Alzheimer: menopausa e terapia ormonale
In Italia sono un milione i casi di demenza, di cui circa 600 mila le persone con Alzheimer, in prevalenza donne. «L’età è uno dei fattori di rischio dell’Alzheimer. Nel caso delle donne, poi, fino alla menopausa gli estrogeni hanno un ruolo protettivo sui neuroni, che in seguito però cessa» spiega l’esperta. «I dati sulla terapia ormonale sostitutiva sono al momento contrastanti. Alcune ricerche indicherebbero che intraprendere una terapia ormonale poco dopo l’inizio della menopausa (entro 5 anni) riduce il rischio di ammalarsi di Alzheimer. Rischio che comunque resta in generale più alto nelle donne rispetto agli uomini fino agli 85 anni.
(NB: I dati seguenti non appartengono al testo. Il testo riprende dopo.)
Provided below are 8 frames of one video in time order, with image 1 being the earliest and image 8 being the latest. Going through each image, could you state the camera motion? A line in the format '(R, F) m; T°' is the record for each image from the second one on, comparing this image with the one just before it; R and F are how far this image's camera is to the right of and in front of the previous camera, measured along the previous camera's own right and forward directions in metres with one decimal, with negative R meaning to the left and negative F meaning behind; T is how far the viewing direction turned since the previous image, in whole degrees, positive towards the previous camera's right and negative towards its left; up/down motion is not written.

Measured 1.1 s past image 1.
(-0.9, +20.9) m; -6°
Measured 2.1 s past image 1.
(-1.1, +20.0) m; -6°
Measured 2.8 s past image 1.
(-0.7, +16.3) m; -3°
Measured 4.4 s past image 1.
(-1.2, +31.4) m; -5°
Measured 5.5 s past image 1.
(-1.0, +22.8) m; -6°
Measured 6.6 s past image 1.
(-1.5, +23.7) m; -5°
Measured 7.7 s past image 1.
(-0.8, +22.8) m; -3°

Gli ultimi studi, poi, hanno individuato alcuni geni che provocherebbero nel sesso femminile maggior deficit di memoria e maggior atrofia cerebrale».
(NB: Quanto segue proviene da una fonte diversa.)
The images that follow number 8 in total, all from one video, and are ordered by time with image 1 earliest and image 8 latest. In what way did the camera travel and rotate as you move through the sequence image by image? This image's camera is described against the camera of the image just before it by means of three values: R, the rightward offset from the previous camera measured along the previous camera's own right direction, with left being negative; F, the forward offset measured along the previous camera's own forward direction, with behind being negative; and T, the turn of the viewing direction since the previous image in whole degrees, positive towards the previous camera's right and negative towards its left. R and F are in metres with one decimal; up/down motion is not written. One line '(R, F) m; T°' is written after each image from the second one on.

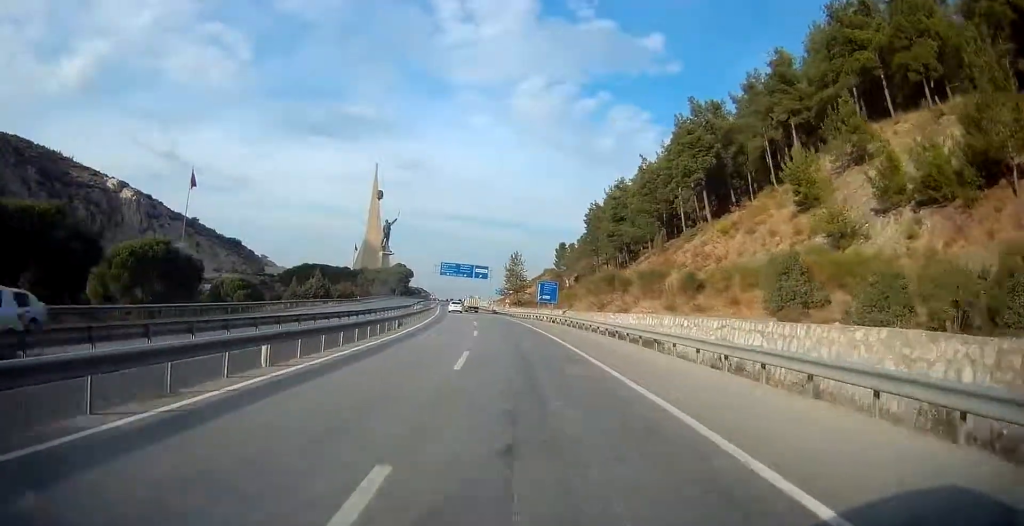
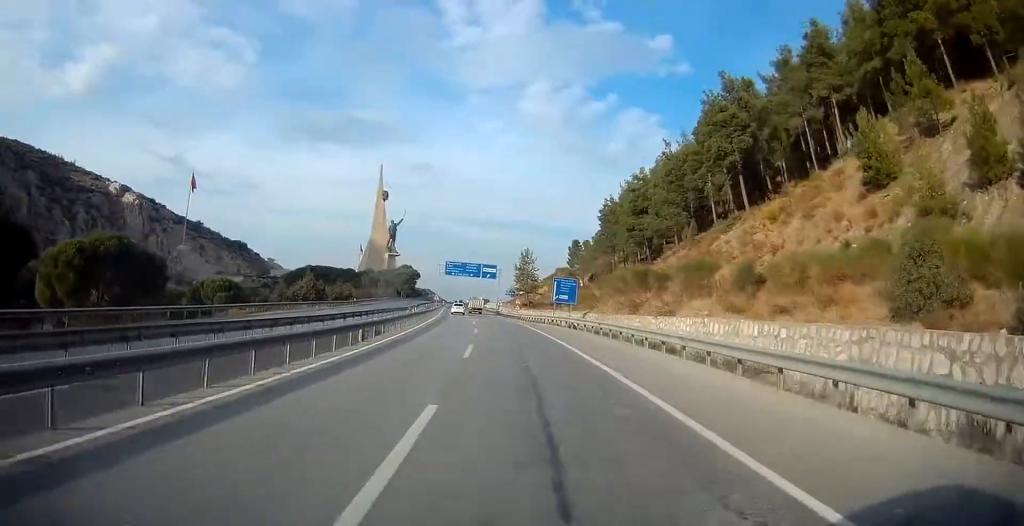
(-0.1, +8.9) m; -1°
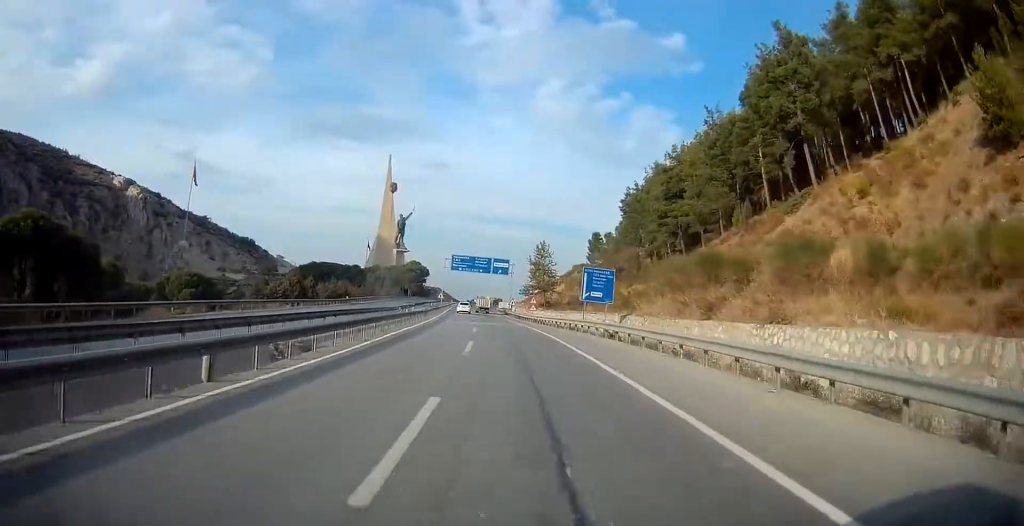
(-0.2, +12.0) m; -1°
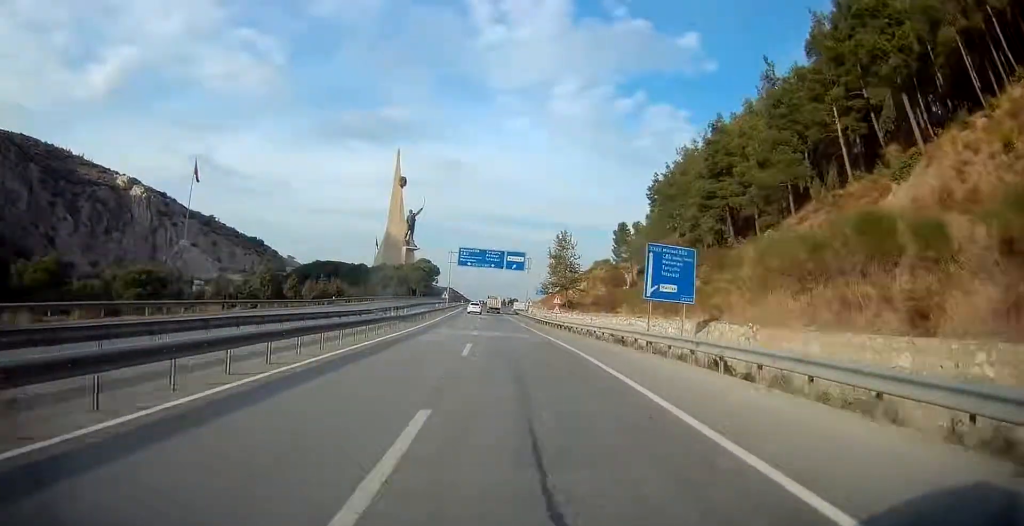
(-0.2, +13.5) m; -1°
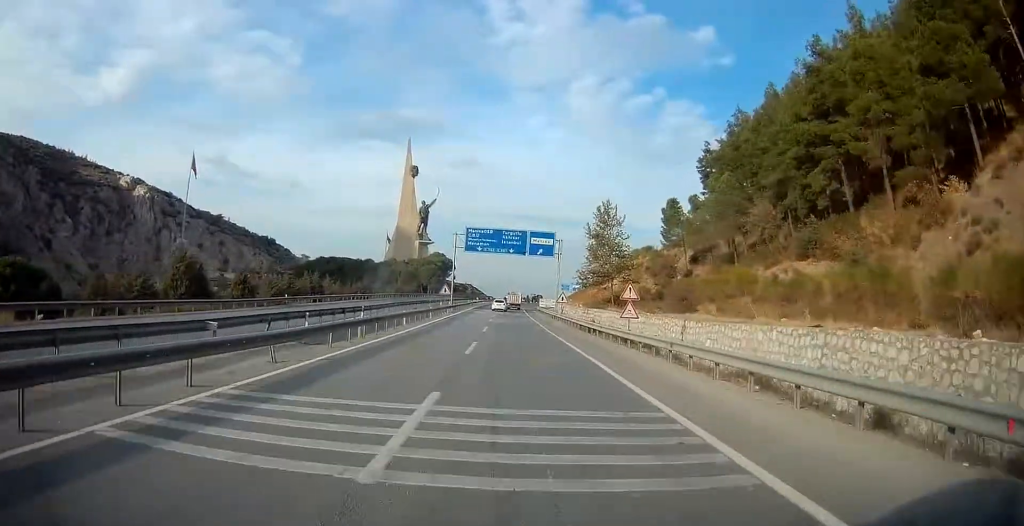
(-0.3, +22.0) m; -2°
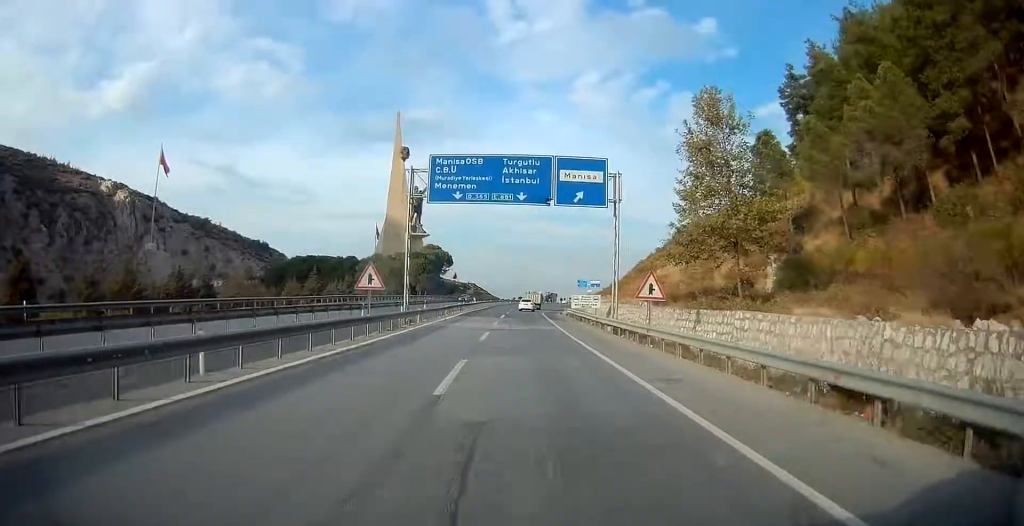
(-0.6, +32.1) m; -2°
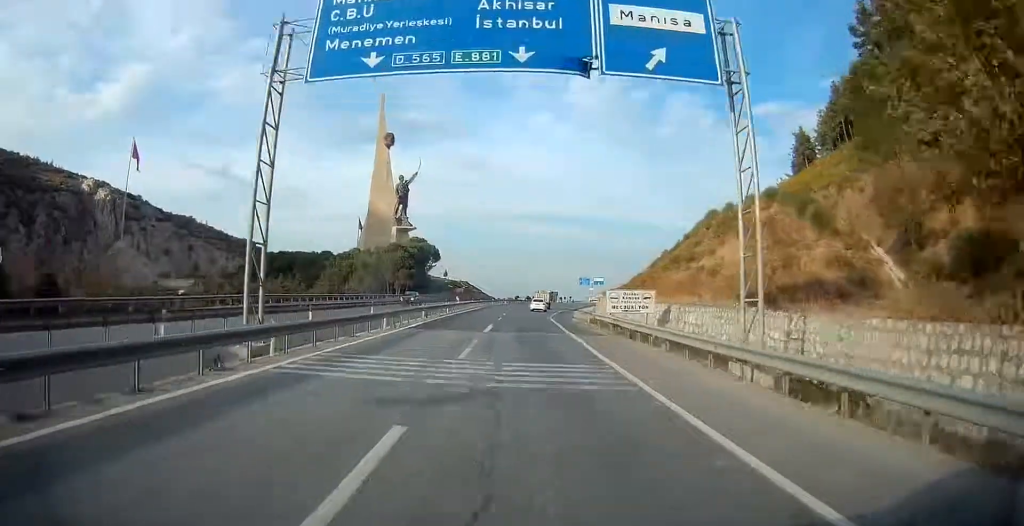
(-0.1, +18.9) m; 0°
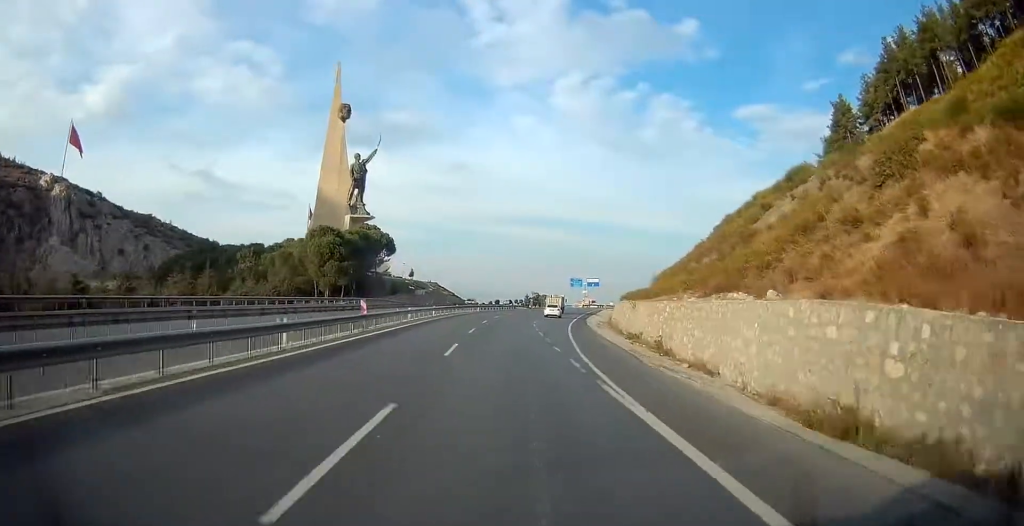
(+0.4, +32.6) m; +1°

La terapia ormonale sembra avere un ruolo protettivo anche nel caso di intervento di asportazione delle ovaie prima della menopausa. «Queste donne hanno un rischio raddoppiato di sviluppare l’Alzheimer, che si azzera invece in quelle che hanno iniziato una terapia ormonale sostitutiva dopo l’intervento e la proseguono almeno fino all’età della menopausa naturale (circa 51 anni)» prosegue la dottoressa.
Alzheimer: istruzione e lavoro
Nuovi studi lasciano emergere altri fattori di rischio, che non hanno nulla in comune con gli ormoni o la genetica: anche l’educazione scolastica e l’accesso al lavoro sono legati alla malattia di Alzheimer. «Un basso livello di istruzione e l’assenza di un lavoro continuativo sono associati a un’aumentata incidenza e prevalenza dell’Alzheimer» spiega l’esperta. «Quindi permettere alle donne di mantenere un elevato grado di istruzione e studiare soluzioni che aiutino le donne a entrare nel mondo del lavoro, oltre ad avere ricadute positive su tutta l’economia di un Paese, ha anche effetti importanti e protettiivi sulla salute delle persone».
Alzheimer e solitudine
Le donne vivono più a lungo degli uomini. In genere, nella coppia chi sopravvive all’altro è la donna. Le vedove, insomma, sono più dei vedovi. In Italia (dati Istat del 2017) le vedove tra i 55 e i 75 anni sono 1.203.242, i vedovi 251.977. Sommando anche le nubili e le divorziate, le donne che vivono da sole sono 2.302.803, gli uomini poco più della metà: 1.258.277. «Una ricerca svolta in Gran Bretagna, per esempio, rivela che il 22 per cento delle donne tra i 65-74 anni sono vedove, contro il 9 per cento degli uomini, quindi meno della metà. Questo le espone alla solitudine, ovvero a un rischio maggiore di depressione e disturbi del tono dell’umore, che si traduce nel ritardo nella diagnosi di demenza o altre malattie a causa di un minor accesso alle cure».
Le donne rischiano quindi di ammalarsi di Alzheimer tre volte in più degli uomini: perché sono donne (geneticamente predisposte), perché vivono più a lungo e perché più di frequente restano sole.